Figure 3. Graphical representation of the predicted intensity with 95% confidence intervals obtained by the GLM approach (here, a zero-inflated negative binomial model).

Table 6. Significance tests for analysis of oocyst numbers (infection intensity) by two methods commonly used in the published literature (Kruskal–Wallis test and ANOVA)

The values are P values for Kruskal–Wallis and ANOVA tests, the latter analysed on pooled data and then individually by replicate. P values <0.05 are highlighted in bold.

Table 7. Predicted infection intensity obtained from the best-fit GLM model (with 95% confidence intervals), and significance of the difference in intensity observed between the control and each drug-treated group

P values <0.05 are highlighted in bold.

Results: A non-parametric test (Kruskal–Wallis test) identifies significant differences in oocyst numbers between the untreated control and infections in which gametocytes were treated with drugs B, C or D, but this approach does not permit the inclusion of additional variables, including replicate.

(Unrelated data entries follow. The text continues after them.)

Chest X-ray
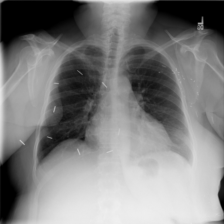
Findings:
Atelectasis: negative
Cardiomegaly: positive
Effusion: negative
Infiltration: negative
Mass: negative
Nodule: negative
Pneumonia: negative
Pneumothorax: negative
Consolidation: negative
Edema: negative
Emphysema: negative
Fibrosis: negative
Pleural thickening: negative
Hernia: negative
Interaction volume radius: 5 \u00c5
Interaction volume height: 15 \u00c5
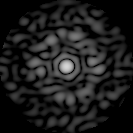
Disorder parameter: 0.8352
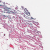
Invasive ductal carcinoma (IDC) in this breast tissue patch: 0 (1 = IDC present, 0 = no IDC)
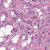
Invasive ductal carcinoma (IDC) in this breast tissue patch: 1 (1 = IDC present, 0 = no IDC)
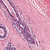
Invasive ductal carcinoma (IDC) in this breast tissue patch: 0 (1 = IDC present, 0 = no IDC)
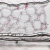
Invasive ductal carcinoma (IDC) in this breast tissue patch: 0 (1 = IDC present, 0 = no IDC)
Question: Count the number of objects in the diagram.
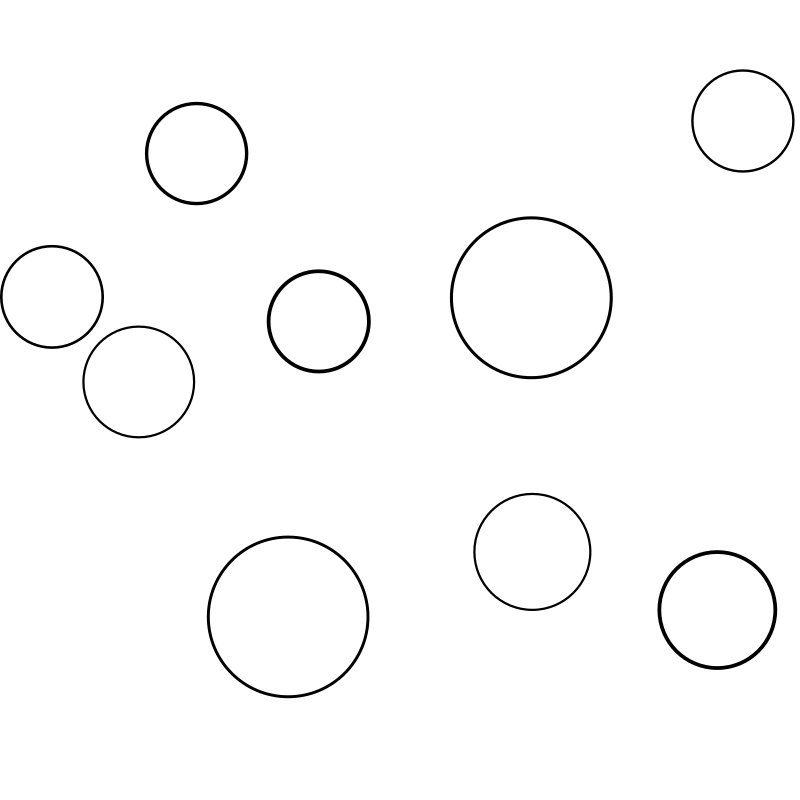
Answer: 9
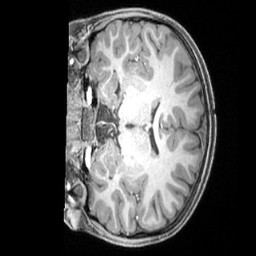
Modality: T1w
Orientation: coronal
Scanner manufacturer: siemens
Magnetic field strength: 3 T
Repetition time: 2.4 s
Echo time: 0.00224 s
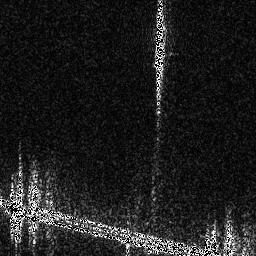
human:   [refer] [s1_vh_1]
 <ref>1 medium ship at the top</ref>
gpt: <box>[[59, 2, 65, 33, 0]]</box>
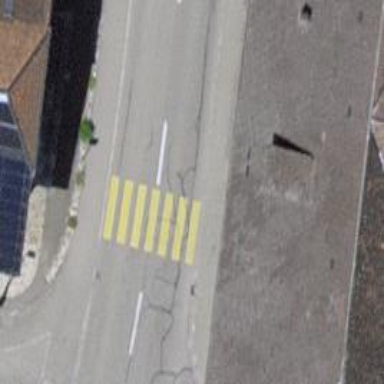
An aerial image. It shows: Uncontrolled zebra crossing on the road.
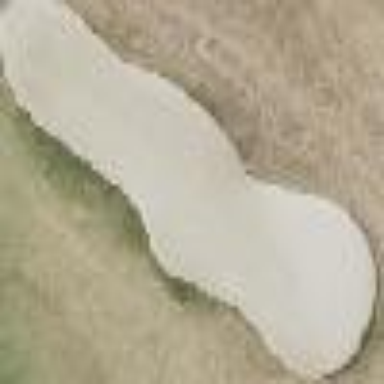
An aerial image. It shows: Golf bunker filled with sandy terrain.
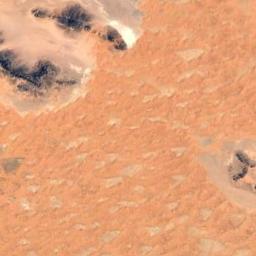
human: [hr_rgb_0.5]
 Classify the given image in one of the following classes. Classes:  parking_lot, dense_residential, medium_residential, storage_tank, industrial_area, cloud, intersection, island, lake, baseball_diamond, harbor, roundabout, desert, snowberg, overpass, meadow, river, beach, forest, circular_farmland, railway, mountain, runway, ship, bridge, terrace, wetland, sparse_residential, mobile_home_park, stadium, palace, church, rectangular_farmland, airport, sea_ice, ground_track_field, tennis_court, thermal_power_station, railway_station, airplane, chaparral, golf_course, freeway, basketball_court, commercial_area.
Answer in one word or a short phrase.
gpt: desert
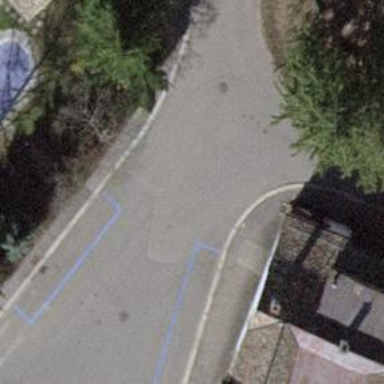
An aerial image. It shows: Unmarked crossing on footway.
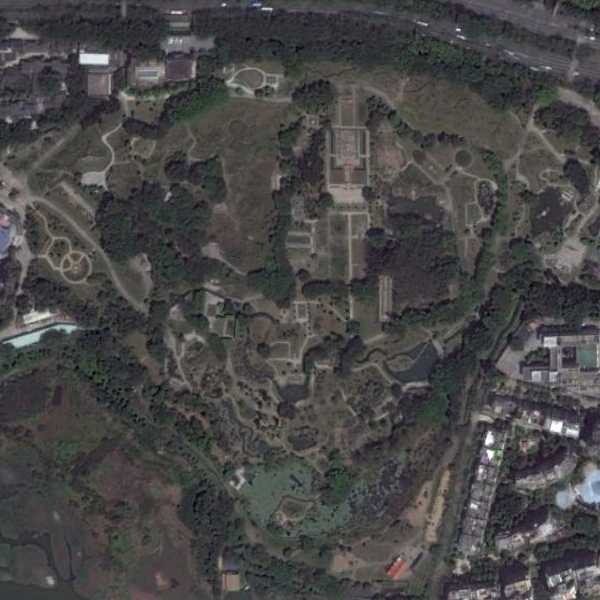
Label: Park
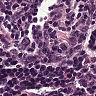
Metastatic tissue present: no
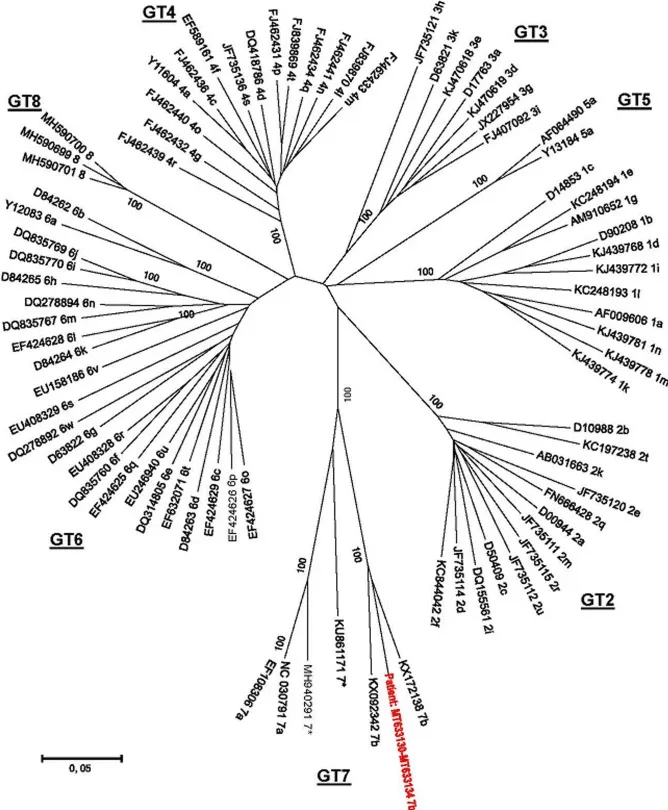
phylogenetic NS5B radial tree comparison of patient (in red) assigned as a novel genotype 7b variant.
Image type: chart (chart)
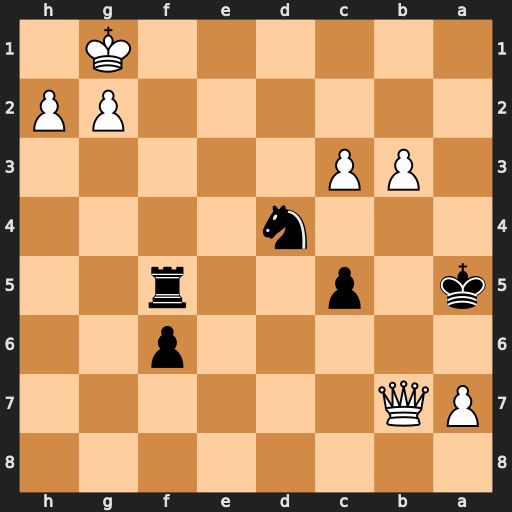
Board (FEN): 8/PQ6/5p2/k1p2r2/3n4/1PP5/6PP/6K1
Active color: b
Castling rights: -
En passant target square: -
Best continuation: Ne2+ Kh1 Rf1#
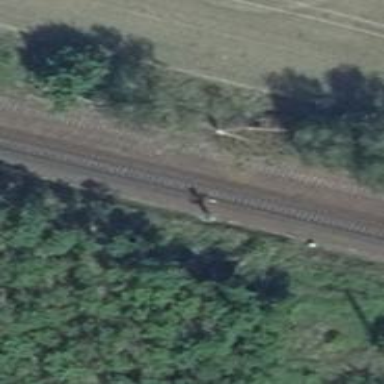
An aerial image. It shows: Railway signal.
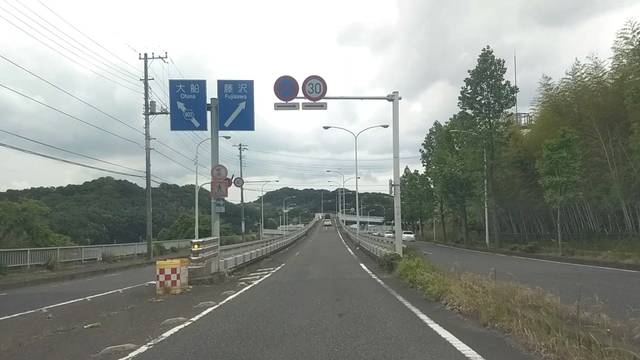
Region: Japan
Coordinates: 35.361, 139.508
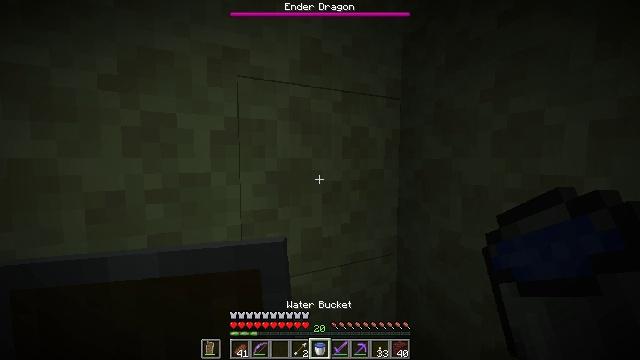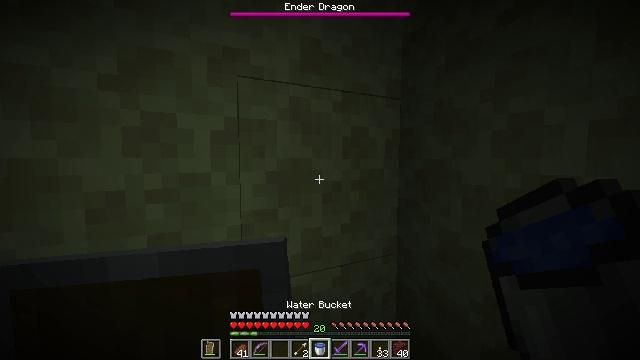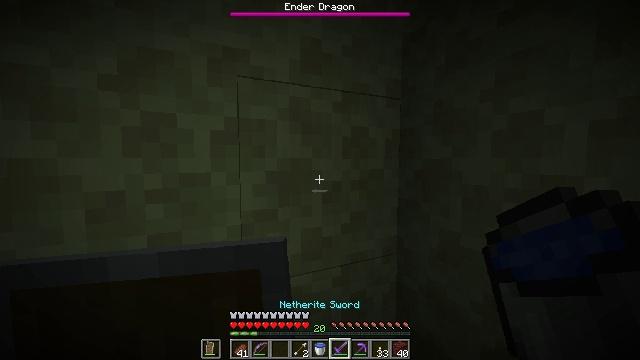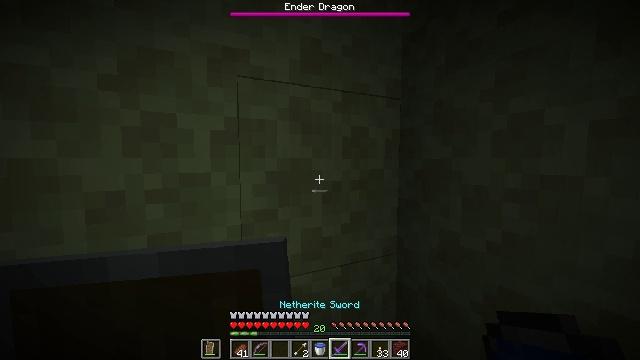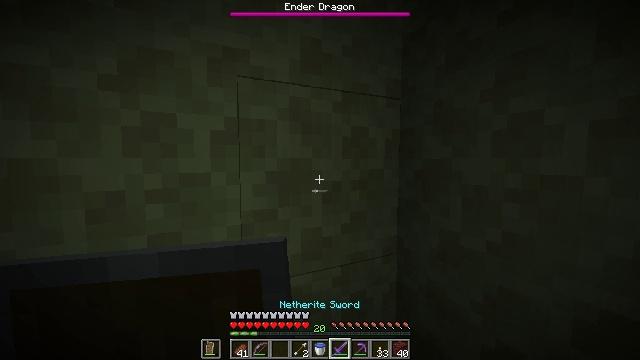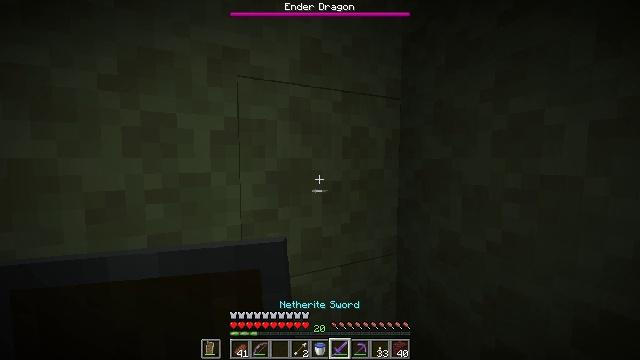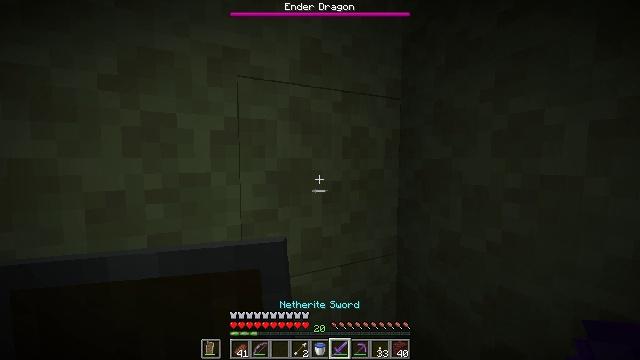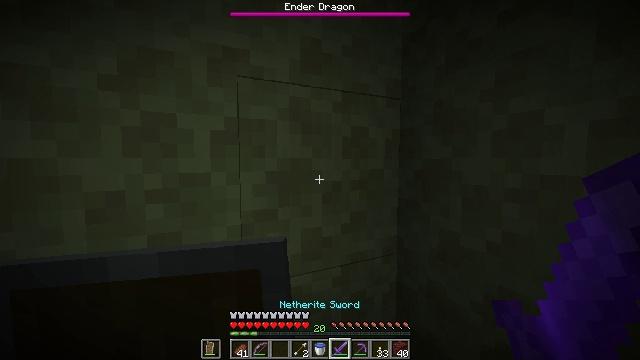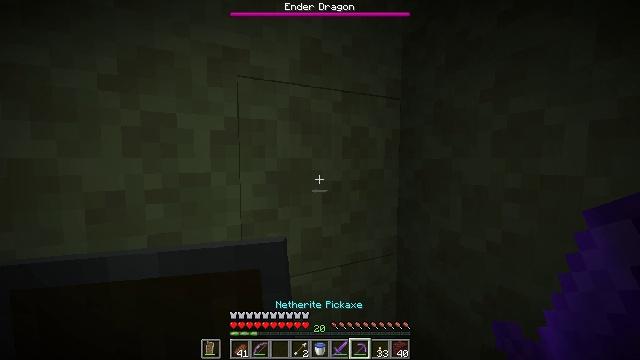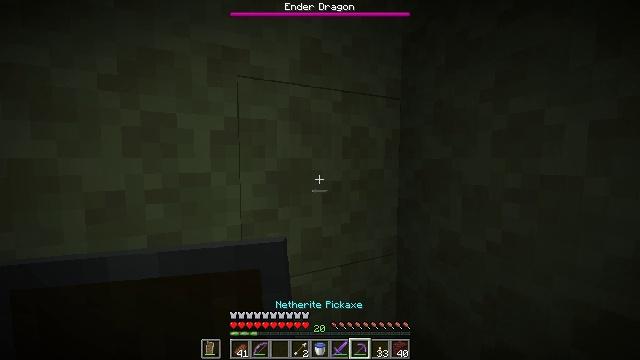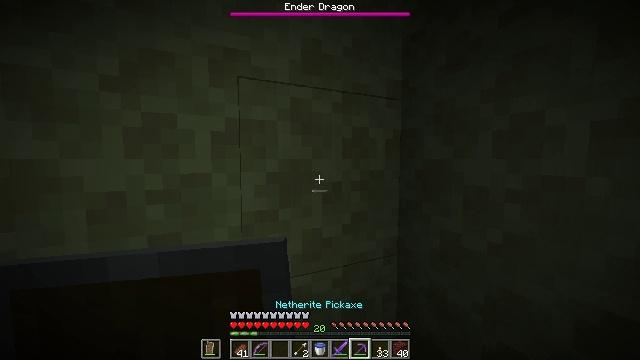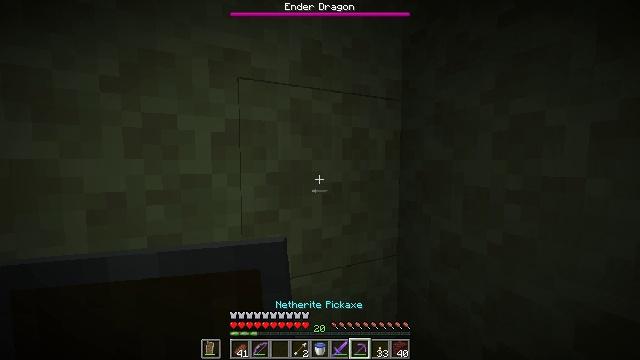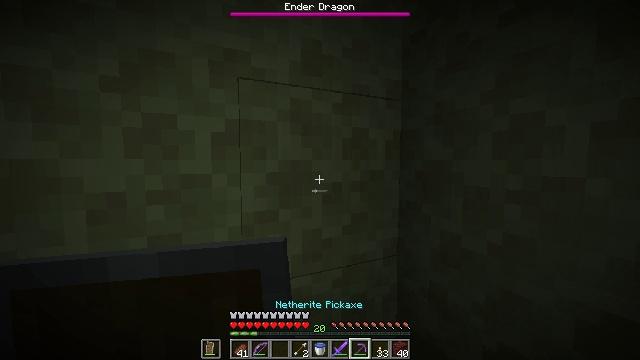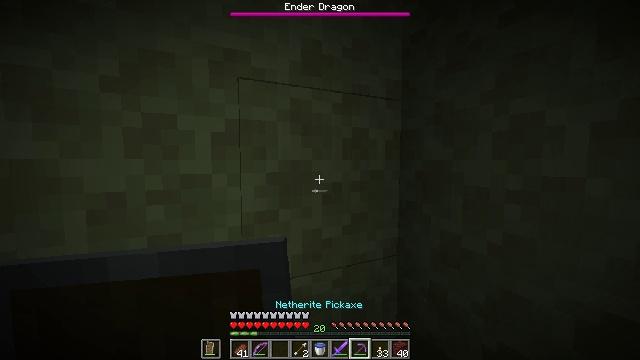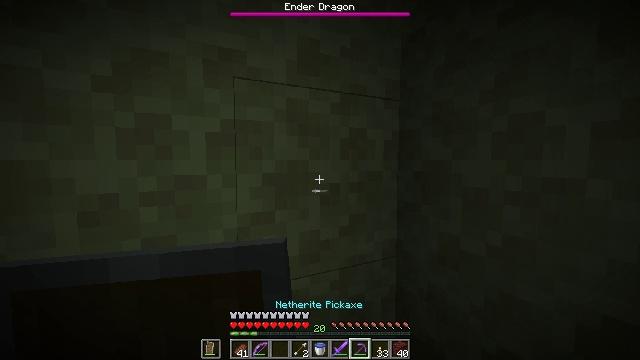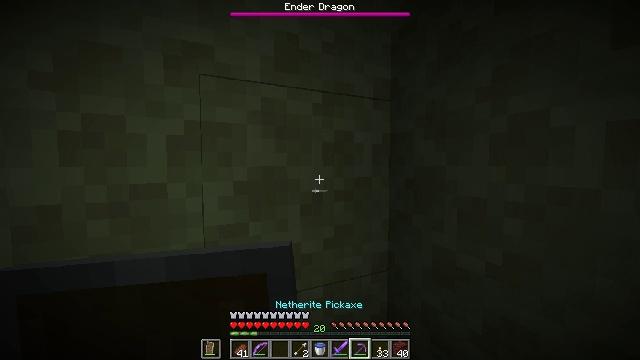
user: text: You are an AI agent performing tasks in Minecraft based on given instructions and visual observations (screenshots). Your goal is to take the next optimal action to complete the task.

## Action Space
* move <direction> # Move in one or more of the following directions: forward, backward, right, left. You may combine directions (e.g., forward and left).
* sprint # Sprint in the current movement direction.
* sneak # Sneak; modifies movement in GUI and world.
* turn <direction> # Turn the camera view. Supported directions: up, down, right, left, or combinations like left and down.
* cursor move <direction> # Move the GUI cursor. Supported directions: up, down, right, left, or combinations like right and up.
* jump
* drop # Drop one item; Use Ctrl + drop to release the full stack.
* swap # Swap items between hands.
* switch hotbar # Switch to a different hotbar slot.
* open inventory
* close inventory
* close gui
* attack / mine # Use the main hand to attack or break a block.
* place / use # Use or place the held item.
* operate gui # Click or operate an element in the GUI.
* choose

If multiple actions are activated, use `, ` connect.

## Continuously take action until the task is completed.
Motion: motion action
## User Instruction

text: Gather end stone from the End.
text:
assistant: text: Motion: no_op
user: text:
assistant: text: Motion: no_op
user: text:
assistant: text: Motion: no_op
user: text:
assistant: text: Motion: no_op
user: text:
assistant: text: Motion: no_op
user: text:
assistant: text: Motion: no_op
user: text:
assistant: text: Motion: no_op
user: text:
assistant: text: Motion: no_op
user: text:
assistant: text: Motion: no_op
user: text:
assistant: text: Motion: no_op
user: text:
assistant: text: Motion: no_op
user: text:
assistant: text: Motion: no_op
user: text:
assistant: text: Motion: no_op
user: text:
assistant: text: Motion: move forward and move right
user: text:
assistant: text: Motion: move forward and move right
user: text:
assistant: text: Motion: move forward and move right, turn left and up
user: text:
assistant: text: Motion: move forward and move right, turn left and up
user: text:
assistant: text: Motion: move forward, turn left and up
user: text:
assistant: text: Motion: turn left and up
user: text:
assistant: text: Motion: turn left
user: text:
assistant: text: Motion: turn left and up, attack / mine
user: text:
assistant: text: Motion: turn left and up, attack / mine
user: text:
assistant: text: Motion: turn left and up, attack / mine
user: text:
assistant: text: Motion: turn left and up, attack / mine
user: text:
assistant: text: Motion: turn left and up
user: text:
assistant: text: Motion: turn left and up
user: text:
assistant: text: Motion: turn left and up
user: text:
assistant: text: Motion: turn up
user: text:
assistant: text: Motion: attack / mine
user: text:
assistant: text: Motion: attack / mine

Although the data violate the assumptions for analysis by parametric tests such as ANOVA because of the non-normal distribution and high numbers of zero values in some groups, the results are shown for completeness (Table 6). The GLM approach (Table 7) allows modelling to fit several different distributions and the selection of the most appropriate for the given data set, as well as allowing inclusion of additional variables. For these data, the best model (selected on the basis on the log likelihood and the prediction of zero events; see supplementary material) was the ZINB model including fixed effects of treatment and replicate (gametocyte density was not a significant explanatory factor, P = 0.064). The application of GLM improved the estimate of the drug effect compared to the non-parametric method (Kruskal–Wallis), revealing a significant difference between the untreated control and all of the drugs tested.

Insights from the analyses

The GLM approach illustrated here examines infection prevalence and oocyst intensity in mosquitoes with real data taken from an examination of the transmission-blocking properties of different drugs. As the number of biological replicates was 3, replicate was not included as a random effect but as a fixed effect in the GLM. To account for additional experimental variables and determine their effect on the prevalence of mosquito infection and oocyst intensity, the infection prevalence was analysed by fitting it to a binomial distribution (probability of infection) using logistic regression, while oocyst intensity raw data were fitted by ZINB and the results were compared with those obtained by the commonly seen analysis methods.

For prevalence of infection, the simplest Student’s t-test result did not identify a significant impact of drug C on transmission, which was however detected using the GLM/logistf approach (Table 4). For impact on oocyst numbers (Table 6), the simplest analysis using a Kruskal–Wallis analysis identified a significant difference in oocyst intensity following treatment with drugs A and B, but this effect was not seen in all three replicates, leading to the conclusion that drug A did not affect oocyst numbers. The GLM approach allowed the inclusion of replicate, and revealed a significant decrease in oocyst numbers between the untreated control and all the drugs tested (A, B, C and D). The use of a GLM approach thus improved the estimate of the impact of the intervention, and identified all four drugs tested as effective in lowering transmission oocyst intensity compared to the simple Kruskal–Wallis analysis.

Statistical interactions between different explanatory variables and multiple comparisons, which were not performed for this example dataset for simplicity, could also provide more insight. We focused on the main effects to give an example of the advantages of GLM over common, simple tests.

Recommendations

A well-chosen GLM (or where appropriate, GLMM) approach can handle the problematic issues identified with non-normal distributions and overdispersion; additional variables such as gametocyte density and biological replicates can be included, and their impact on mosquito infections can be assessed.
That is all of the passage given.